_Your goal:_ A verbatim copy of the records is required, with all pictures left out.
*** Extracted entries ***
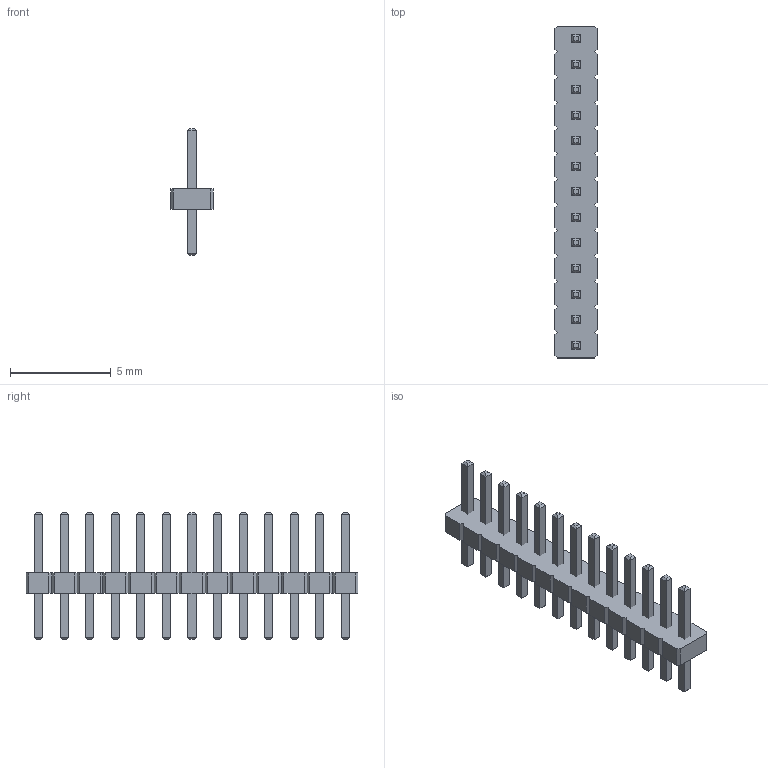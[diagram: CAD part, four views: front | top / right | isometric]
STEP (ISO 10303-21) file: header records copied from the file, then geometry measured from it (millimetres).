
FILE_DESCRIPTION(/* description */ ('model of PinHeader_1x13_P1.27mm_Vertical'),/* implementation_level */ '2;1');
FILE_NAME(/* name */ 'PinHeader_1x13_P1.27mm_Vertical.step',/* time_stamp */ '2018-01-24T12:22:06',/* author */ ('kicad StepUp','ksu'),/* organization */ ('FreeCAD'),/* preprocessor_version */ 'OCC',/* originating_system */ 'kicad StepUp',/* authorisation */ '');
FILE_SCHEMA(('AUTOMOTIVE_DESIGN { 1 0 10303 214 1 1 1 1 }'));
Length unit declared in the file: millimetre
Products named in the file (2): PinHeader_1x13_P127mm_Vertical; Shape0_343648174678
Bounding box: 2.1 x 16.51 x 6.3 mm (x, y, z)
Volume: 47.2 mm3; surface area: 240.3 mm2
Topology: 14 solids, 14 shells, 264 faces, 604 edges, 368 vertices
Faces by surface type: plane 264
Entity records: 4697 total; most frequent: ORIENTED_EDGE 946, CARTESIAN_POINT 722, EDGE_CURVE 604, LINE 604, VERTEX_POINT 368, AXIS2_PLACEMENT_3D 265, ADVANCED_FACE 264, FACE_BOUND 264
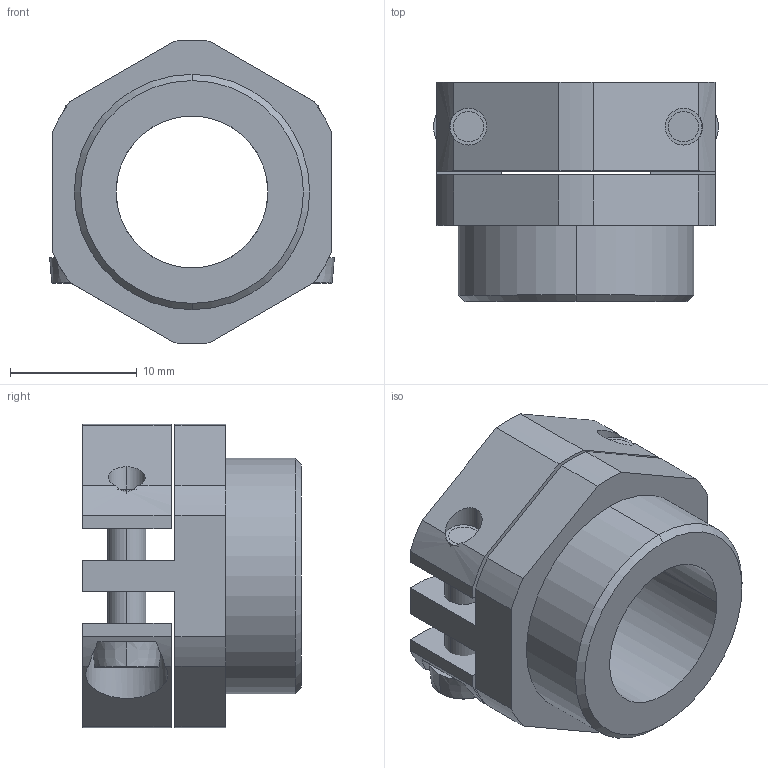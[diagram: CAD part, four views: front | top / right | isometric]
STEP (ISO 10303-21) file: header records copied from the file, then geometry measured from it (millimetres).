
FILE_DESCRIPTION((''),'2;1');
FILE_NAME('2013118_ASM','2014-09-18T',('AndreasKeweloh'),(''),'PRO/ENGINEER BY PARAMETRIC TECHNOLOGY CORPORATION, 2014000','PRO/ENGINEER BY PARAMETRIC TECHNOLOGY CORPORATION, 2014000','');
FILE_SCHEMA(('CONFIG_CONTROL_DESIGN'));
Length unit declared in the file: millimetre
Products named in the file (4): 2013118_KOERPER; 2013118_BACKE; I1207_030_12_ST; 2013118_ASM
Assembly tree (4 placements, depth 2):
  2013118_ASM
    2013118_KOERPER
    2013118_BACKE
    I1207_030_12_ST  x2
Bounding box: 22.5 x 17.3 x 23.98 mm (x, y, z)
Volume: 3740.4 mm3; surface area: 3648.2 mm2
Topology: 5 solids, 7 shells, 108 faces, 288 edges, 190 vertices
Faces by surface type: plane 48, cylinder 40, torus 12, cone 8
Entity records: 3232 total; most frequent: CARTESIAN_POINT 759, DIRECTION 508, ORIENTED_EDGE 492, EDGE_CURVE 248, AXIS2_PLACEMENT_3D 193, VERTEX_POINT 164, VECTOR 122, LINE 122
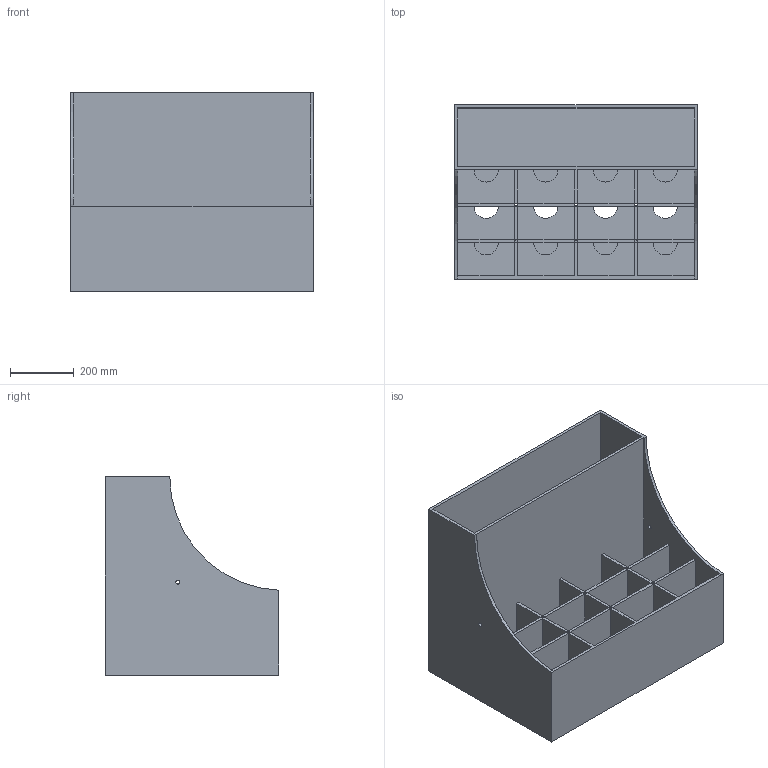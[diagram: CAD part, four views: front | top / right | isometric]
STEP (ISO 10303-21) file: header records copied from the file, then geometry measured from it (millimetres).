
FILE_DESCRIPTION (( 'STEP AP203' ), '1' );
FILE_NAME ('Battery Holder.STEP', '2025-04-29T16:01:48', ( '' ), ( '' ), 'SwSTEP 2.0', 'SolidWorks 2024', '' );
FILE_SCHEMA (( 'CONFIG_CONTROL_DESIGN' ));
Length unit declared in the file: inch
Products named in the file (1): Battery Holder
Bounding box: 762 x 546.1 x 622.3 mm (x, y, z)
Volume: 25139141.4 mm3; surface area: 5326702.3 mm2
Topology: 1 solids, 1 shells, 106 faces, 326 edges, 216 vertices
Faces by surface type: plane 74, cylinder 32
Entity records: 3785 total; most frequent: ORIENTED_EDGE 652, CARTESIAN_POINT 649, DIRECTION 604, EDGE_CURVE 326, VECTOR 262, LINE 262, VERTEX_POINT 216, AXIS2_PLACEMENT_3D 171
***
_Finished exercise:_
[diagram: CAD part, four views: front | top / right | isometric]
STEP (ISO 10303-21) file: header records copied from the file, then geometry measured from it (millimetres).
FILE_DESCRIPTION(/* description */ ('model of PinHeader_1x13_P1.27mm_Vertical'),/* implementation_level */ '2;1');
FILE_NAME(/* name */ 'PinHeader_1x13_P1.27mm_Vertical.step',/* time_stamp */ '2018-01-24T12:22:06',/* author */ ('kicad StepUp','ksu'),/* organization */ ('FreeCAD'),/* preprocessor_version */ 'OCC',/* originating_system */ 'kicad StepUp',/* authorisation */ '');
FILE_SCHEMA(('AUTOMOTIVE_DESIGN { 1 0 10303 214 1 1 1 1 }'));
Length unit declared in the file: millimetre
Products named in the file (2): PinHeader_1x13_P127mm_Vertical; Shape0_343648174678
Bounding box: 2.1 x 16.51 x 6.3 mm (x, y, z)
Volume: 47.2 mm3; surface area: 240.3 mm2
Topology: 14 solids, 14 shells, 264 faces, 604 edges, 368 vertices
Faces by surface type: plane 264
Entity records: 4697 total; most frequent: ORIENTED_EDGE 946, CARTESIAN_POINT 722, EDGE_CURVE 604, LINE 604, VERTEX_POINT 368, AXIS2_PLACEMENT_3D 265, ADVANCED_FACE 264, FACE_BOUND 264
[diagram: CAD part, four views: front | top / right | isometric]
STEP (ISO 10303-21) file: header records copied from the file, then geometry measured from it (millimetres).
FILE_DESCRIPTION((''),'2;1');
FILE_NAME('2013118_ASM','2014-09-18T',('AndreasKeweloh'),(''),'PRO/ENGINEER BY PARAMETRIC TECHNOLOGY CORPORATION, 2014000','PRO/ENGINEER BY PARAMETRIC TECHNOLOGY CORPORATION, 2014000','');
FILE_SCHEMA(('CONFIG_CONTROL_DESIGN'));
Length unit declared in the file: millimetre
Products named in the file (4): 2013118_KOERPER; 2013118_BACKE; I1207_030_12_ST; 2013118_ASM
Assembly tree (4 placements, depth 2):
  2013118_ASM
    2013118_KOERPER
    2013118_BACKE
    I1207_030_12_ST  x2
Bounding box: 22.5 x 17.3 x 23.98 mm (x, y, z)
Volume: 3740.4 mm3; surface area: 3648.2 mm2
Topology: 5 solids, 7 shells, 108 faces, 288 edges, 190 vertices
Faces by surface type: plane 48, cylinder 40, torus 12, cone 8
Entity records: 3232 total; most frequent: CARTESIAN_POINT 759, DIRECTION 508, ORIENTED_EDGE 492, EDGE_CURVE 248, AXIS2_PLACEMENT_3D 193, VERTEX_POINT 164, VECTOR 122, LINE 122
[diagram: CAD part, four views: front | top / right | isometric]
STEP (ISO 10303-21) file: header records copied from the file, then geometry measured from it (millimetres).
FILE_DESCRIPTION (( 'STEP AP203' ), '1' );
FILE_NAME ('Battery Holder.STEP', '2025-04-29T16:01:48', ( '' ), ( '' ), 'SwSTEP 2.0', 'SolidWorks 2024', '' );
FILE_SCHEMA (( 'CONFIG_CONTROL_DESIGN' ));
Length unit declared in the file: inch
Products named in the file (1): Battery Holder
Bounding box: 762 x 546.1 x 622.3 mm (x, y, z)
Volume: 25139141.4 mm3; surface area: 5326702.3 mm2
Topology: 1 solids, 1 shells, 106 faces, 326 edges, 216 vertices
Faces by surface type: plane 74, cylinder 32
Entity records: 3785 total; most frequent: ORIENTED_EDGE 652, CARTESIAN_POINT 649, DIRECTION 604, EDGE_CURVE 326, VECTOR 262, LINE 262, VERTEX_POINT 216, AXIS2_PLACEMENT_3D 171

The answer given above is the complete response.